- Born: Arturo Cavero Velásquez 29 November 1940
- Died: 9 October 2009 (aged 68) Jesús María, Lima, Peru
- Occupations: Interpreter, teacher
- Musical career
- Also known as: Zambo Cavero
- Genres: Peruvian Music
- Instruments: Vocals, cajón
- Years active: 1969–2009

= Arturo "Zambo" Cavero =

Peruvian singer (1940–2009)

Arturo Cavero Velásquez (29 November 1940 – 9 October 2009), better known by the pseudonym "Zambo Cavero", was a Peruvian singer, representative of Afro-Peruvian identity.

==Biography==
Born in Lima, Peru, he was the son of Juan Cavero, of Huaral, and Digna Velásquez, of Cañete.

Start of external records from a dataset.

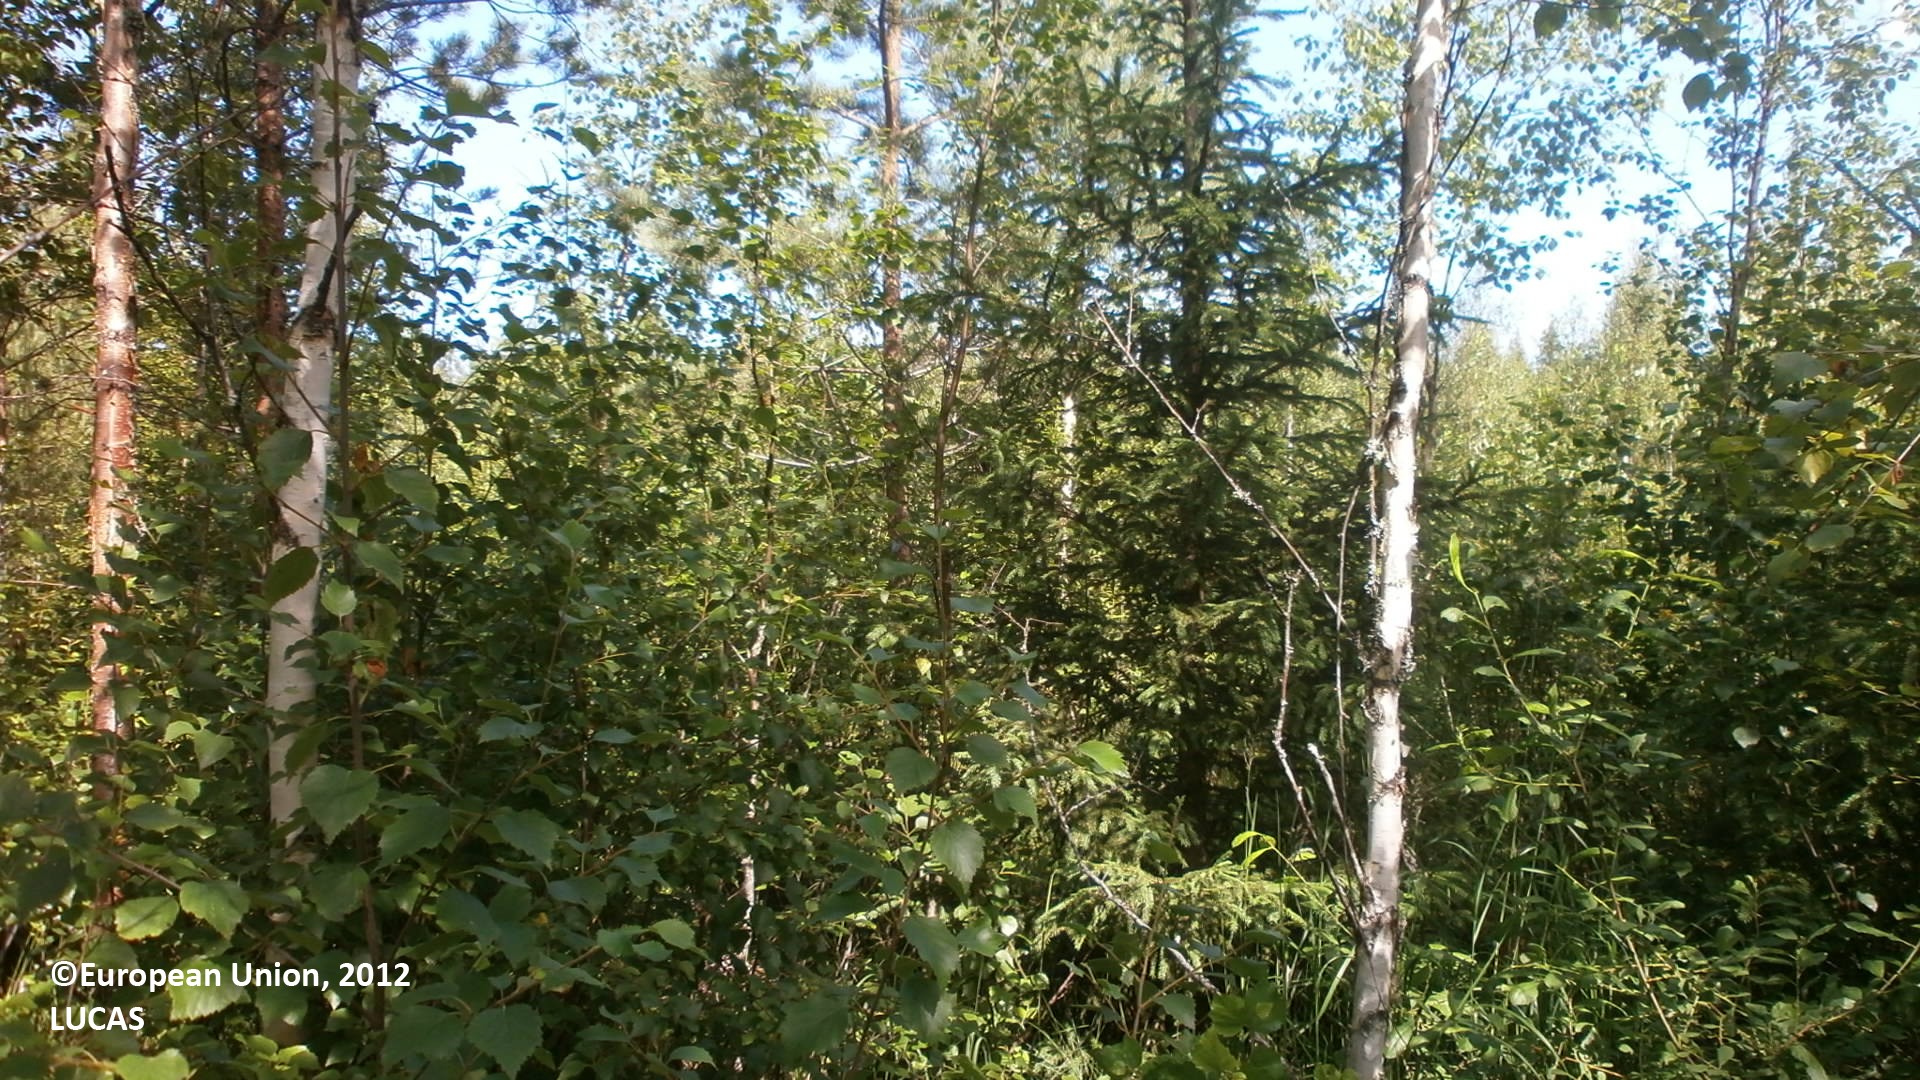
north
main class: Woodland
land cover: Other mixed woodland
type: boreal forest
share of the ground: > 75 %
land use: Forestry
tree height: > 5 m
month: July
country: FI
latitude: 64.3126
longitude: 24.1458
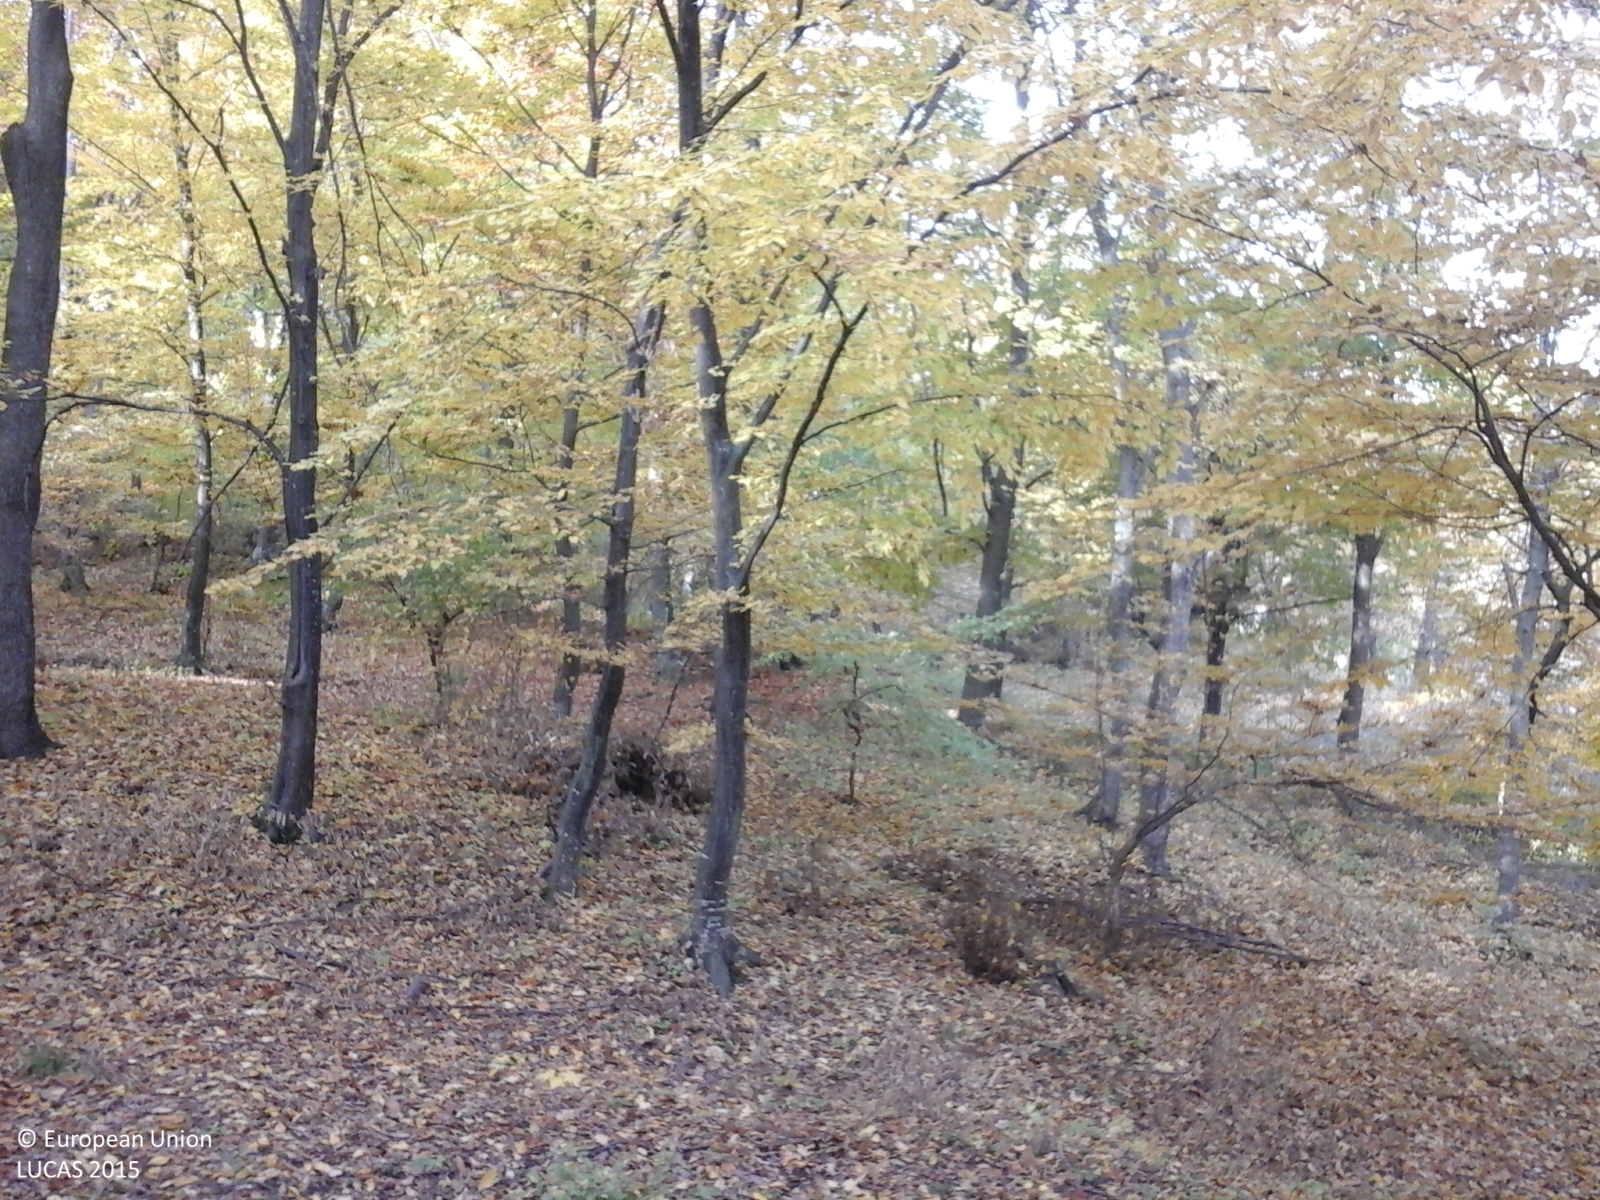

His cousin was the musician and composer Pepe Villalobos.

His particular singing style captivated listeners, as his intensity had the feel of Peruvian creole taste.

Zambo Cavero specialised in performing traditional Peruvian waltz. Some of his best performances are songs by Peruvian composers Augusto Polo Campos and Félix Pasache, others are renditions of traditional Peruvian creole music, which is Afro-Peruvian influenced. On 3 June 1987 Cavero, was honoured together with important Peruvian musicians like guitar player Óscar Avilés in Washington, D.C., by the Organization of American States.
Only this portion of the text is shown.